Question regarding maximum on a unit disc

[librastar]

Homework Statement

Find the maximum of |e^z| on the closed unit disc.

Homework Equations

|e^z| is the modulus of e^z
z belongs to complex plane
Maximum Madulus Theorem - Let G be a bounded open set in complex plane and suppose f is a continuous function on G closure which is analytic in G. Then max{|f(z)|: z in G closure} = max{|f(z)|: z in boundary of G}

The Attempt at a Solution

At first glance I was thinking about using Maximum Modulus Theorem by setting f(z) = e^z and let G be a open unit disc.
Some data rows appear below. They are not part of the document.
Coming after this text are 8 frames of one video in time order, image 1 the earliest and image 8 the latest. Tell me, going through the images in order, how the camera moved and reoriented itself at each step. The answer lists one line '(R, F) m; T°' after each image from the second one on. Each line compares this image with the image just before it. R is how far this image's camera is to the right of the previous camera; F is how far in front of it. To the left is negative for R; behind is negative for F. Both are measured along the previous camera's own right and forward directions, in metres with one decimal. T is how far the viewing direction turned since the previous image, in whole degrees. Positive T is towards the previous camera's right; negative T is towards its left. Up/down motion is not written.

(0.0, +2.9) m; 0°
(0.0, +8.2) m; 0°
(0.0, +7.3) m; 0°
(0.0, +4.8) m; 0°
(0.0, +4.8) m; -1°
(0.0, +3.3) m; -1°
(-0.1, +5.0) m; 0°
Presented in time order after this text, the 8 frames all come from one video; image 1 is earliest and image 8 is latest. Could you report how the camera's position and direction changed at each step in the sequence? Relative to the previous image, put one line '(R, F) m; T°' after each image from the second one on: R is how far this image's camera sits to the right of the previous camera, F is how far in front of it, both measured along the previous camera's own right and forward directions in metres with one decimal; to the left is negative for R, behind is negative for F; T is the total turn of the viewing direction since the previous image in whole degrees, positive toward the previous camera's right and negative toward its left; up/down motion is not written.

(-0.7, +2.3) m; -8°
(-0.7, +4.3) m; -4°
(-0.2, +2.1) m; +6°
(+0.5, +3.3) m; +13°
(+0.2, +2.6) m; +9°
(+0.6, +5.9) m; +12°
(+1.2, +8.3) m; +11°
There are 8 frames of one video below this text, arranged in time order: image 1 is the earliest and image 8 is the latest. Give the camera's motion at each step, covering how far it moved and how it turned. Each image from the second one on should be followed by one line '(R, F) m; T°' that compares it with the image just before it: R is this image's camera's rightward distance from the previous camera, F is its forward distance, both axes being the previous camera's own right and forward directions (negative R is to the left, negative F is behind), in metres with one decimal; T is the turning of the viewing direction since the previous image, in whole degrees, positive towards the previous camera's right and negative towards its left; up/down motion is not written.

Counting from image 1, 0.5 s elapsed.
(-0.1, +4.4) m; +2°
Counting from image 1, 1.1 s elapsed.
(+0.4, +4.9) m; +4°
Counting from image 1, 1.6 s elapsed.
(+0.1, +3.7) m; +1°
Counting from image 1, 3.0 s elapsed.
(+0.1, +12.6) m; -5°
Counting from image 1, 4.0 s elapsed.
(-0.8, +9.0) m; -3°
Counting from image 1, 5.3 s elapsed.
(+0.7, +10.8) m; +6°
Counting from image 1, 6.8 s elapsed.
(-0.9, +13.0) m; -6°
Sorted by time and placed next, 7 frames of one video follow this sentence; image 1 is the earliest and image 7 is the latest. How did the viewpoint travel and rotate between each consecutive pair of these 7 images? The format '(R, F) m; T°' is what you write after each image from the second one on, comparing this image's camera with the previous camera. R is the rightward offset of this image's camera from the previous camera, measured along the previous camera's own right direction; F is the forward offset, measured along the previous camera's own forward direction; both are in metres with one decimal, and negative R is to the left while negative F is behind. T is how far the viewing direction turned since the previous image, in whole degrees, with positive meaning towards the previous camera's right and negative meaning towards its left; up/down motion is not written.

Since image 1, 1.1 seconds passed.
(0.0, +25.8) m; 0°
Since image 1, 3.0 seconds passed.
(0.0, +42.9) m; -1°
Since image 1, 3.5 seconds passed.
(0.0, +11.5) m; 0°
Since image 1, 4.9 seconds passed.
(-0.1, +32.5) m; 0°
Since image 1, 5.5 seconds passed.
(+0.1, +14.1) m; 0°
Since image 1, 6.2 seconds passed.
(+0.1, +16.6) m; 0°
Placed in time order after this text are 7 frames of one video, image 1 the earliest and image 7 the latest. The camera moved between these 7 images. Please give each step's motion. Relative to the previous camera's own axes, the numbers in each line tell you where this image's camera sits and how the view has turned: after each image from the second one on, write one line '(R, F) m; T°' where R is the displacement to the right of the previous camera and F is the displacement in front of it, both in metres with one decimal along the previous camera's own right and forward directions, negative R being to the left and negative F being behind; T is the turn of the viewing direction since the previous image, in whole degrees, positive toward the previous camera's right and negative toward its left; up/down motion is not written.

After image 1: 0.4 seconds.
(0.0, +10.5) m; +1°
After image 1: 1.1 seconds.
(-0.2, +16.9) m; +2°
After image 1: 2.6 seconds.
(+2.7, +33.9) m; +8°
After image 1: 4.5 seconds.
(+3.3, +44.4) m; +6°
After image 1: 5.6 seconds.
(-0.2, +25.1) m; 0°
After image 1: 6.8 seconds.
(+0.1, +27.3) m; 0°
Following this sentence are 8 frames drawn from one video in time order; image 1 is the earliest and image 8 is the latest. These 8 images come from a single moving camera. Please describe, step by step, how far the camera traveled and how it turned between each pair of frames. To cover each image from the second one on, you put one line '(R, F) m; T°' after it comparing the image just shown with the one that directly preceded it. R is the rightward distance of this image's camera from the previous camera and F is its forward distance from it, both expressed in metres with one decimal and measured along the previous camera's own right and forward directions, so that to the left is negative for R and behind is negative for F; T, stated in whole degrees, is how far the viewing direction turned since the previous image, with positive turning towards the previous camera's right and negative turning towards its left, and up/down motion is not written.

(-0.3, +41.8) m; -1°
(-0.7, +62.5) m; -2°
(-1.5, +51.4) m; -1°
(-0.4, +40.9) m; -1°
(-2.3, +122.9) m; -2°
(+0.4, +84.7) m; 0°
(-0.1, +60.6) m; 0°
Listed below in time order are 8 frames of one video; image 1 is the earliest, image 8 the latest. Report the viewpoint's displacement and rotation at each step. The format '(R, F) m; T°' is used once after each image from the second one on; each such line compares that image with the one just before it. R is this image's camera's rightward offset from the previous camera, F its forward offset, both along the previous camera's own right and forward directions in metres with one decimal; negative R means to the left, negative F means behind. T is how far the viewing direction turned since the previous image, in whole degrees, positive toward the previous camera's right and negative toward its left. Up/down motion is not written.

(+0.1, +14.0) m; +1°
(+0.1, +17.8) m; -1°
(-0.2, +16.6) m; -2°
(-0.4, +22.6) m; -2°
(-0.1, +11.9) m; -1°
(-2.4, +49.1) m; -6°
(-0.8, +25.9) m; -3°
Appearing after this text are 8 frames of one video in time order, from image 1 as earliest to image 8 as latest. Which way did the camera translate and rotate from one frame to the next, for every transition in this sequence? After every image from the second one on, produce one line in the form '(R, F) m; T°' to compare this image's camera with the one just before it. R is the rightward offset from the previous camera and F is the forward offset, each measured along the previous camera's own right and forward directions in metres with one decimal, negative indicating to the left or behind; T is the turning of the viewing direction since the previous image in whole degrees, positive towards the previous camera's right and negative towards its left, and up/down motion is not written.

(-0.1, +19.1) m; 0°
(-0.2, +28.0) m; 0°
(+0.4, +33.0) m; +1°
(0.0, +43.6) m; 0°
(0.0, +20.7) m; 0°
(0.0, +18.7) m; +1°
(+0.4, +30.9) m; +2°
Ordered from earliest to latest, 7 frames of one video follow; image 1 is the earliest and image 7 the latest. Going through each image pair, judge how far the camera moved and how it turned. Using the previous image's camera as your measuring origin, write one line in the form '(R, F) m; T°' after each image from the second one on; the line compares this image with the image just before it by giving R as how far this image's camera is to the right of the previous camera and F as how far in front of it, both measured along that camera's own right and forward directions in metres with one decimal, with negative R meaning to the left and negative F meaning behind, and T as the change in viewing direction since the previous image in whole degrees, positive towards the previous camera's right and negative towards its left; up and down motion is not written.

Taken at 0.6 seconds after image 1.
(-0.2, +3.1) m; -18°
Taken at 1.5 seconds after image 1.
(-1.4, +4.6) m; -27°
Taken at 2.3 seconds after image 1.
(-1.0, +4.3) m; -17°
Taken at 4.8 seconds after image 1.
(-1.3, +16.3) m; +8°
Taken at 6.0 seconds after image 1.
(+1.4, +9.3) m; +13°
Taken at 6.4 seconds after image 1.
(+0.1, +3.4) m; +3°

Clearly f(z) is analytic in G and is continuous on G closure (the closed unit disc), so I should be able to apply MMT to conclude that the modulus assumes maximum on the boundary.
However I got confused when determining how do I describe |f(z)| on the boundary, in another word, how do I determine what value of z to use?

Please let me know if my approach is right and perhaps give me some advice or hint.
I appreciate all the helps you provide.

 

[lanedance]

as on the boundary |z| = 1, how about starting by writing it in the form z = 1. e^(i theta)

 

[Coto]

Since z lies on the unit circle, we can write it as: max{|f(z)|: z in boundary of G} = max{|f(z)|: z = exp($$i\theta$$), $$\theta \in [-\pi,\pi)$$}

However, what do you know about |$$e^z$$| when $$z = e^{i\theta}$$?

 

[librastar]

Since z lies on the unit circle, we can write it as: max{|f(z)|: z in boundary of G} = max{|f(z)|: z = exp($$i\theta$$), $$\theta \in [-\pi,\pi)$$}

However, what do you know about |$$e^z$$| when $$z = e^{i\theta}$$?

I'm not sure where this is going, in this case we will just have exp(exp($$i\theta$$))?

I also know that e^(i$$\theta$$) = cos($$\theta$$) + i*sin($$\theta$$), but I don't know if this will help my solution or not.

 

[Coto]

It does. Calculate explicitly the modulus of $$e^z$$ using the identity you provided above for $$e^{i\theta}$$.

 

[librastar]

It does. Calculate explicitly the modulus of $$e^z$$ using the identity you provided above for $$e^{i\theta}$$.

So now I have |e^{cos($$\theta$$)+isin($$\theta$$)}|

|e^{cos($$\theta$$)}*e^{isin($$\theta$$)}|
= |e^{cos($$\theta$$)}*(cos(sin($$\theta$$))+isin(sin($$\theta$$)))|

Now I don't know why I got stuck here...

 

[lanedance]

not too sure what you did there in the last step... but you need to remember the complex conjugate in the magnitude... try that before you simplify
$$|e^{ cos(\theta)}e^{i sin(\theta)}|^2 = (e^{ cos(\theta)}e^{i sin(\theta)})(e^{ cos(\theta)}e^{i sin(\theta)})^*$$

 

[librastar]

not too sure what you did there in the last step... but you need to remember the complex conjugate in the magnitude... try that before you simplify
$$|e^{ cos(\theta)}e^{i sin(\theta)}|^2 = (e^{ cos(\theta)}e^{i sin(\theta)})(e^{ cos(\theta)}e^{i sin(\theta)})^*$$

thanks for the tip.

Well, I know that (e^z)* = e^{$$z^*$$}

So I can simply $$|e^{ cos(\theta)}e^{i sin(\theta)}|^2 = (e^{ cos(\theta)}e^{i sin(\theta)})(e^{ cos(\theta)}e^{i sin(\theta)})^*$$ to:

$$(e^{ cos(\theta)}e^{i sin(\theta)})(e^{ cos(\theta)}e^{-i sin(\theta)})$$

Then by combing the exponential functions with the same exponent, then I obtain:

$$(e^{ 2cos(\theta)})$$

So after taking the square root of the whole thing,

$$|e^z| = e^ { cos(\theta)}$$

The max value of $$cos(\theta)$$ = 1

So the maximum of $$|e^z| = e$$?

 

[lanedance]

that looks good to me

 

[librastar]

that looks good to me

Thanks.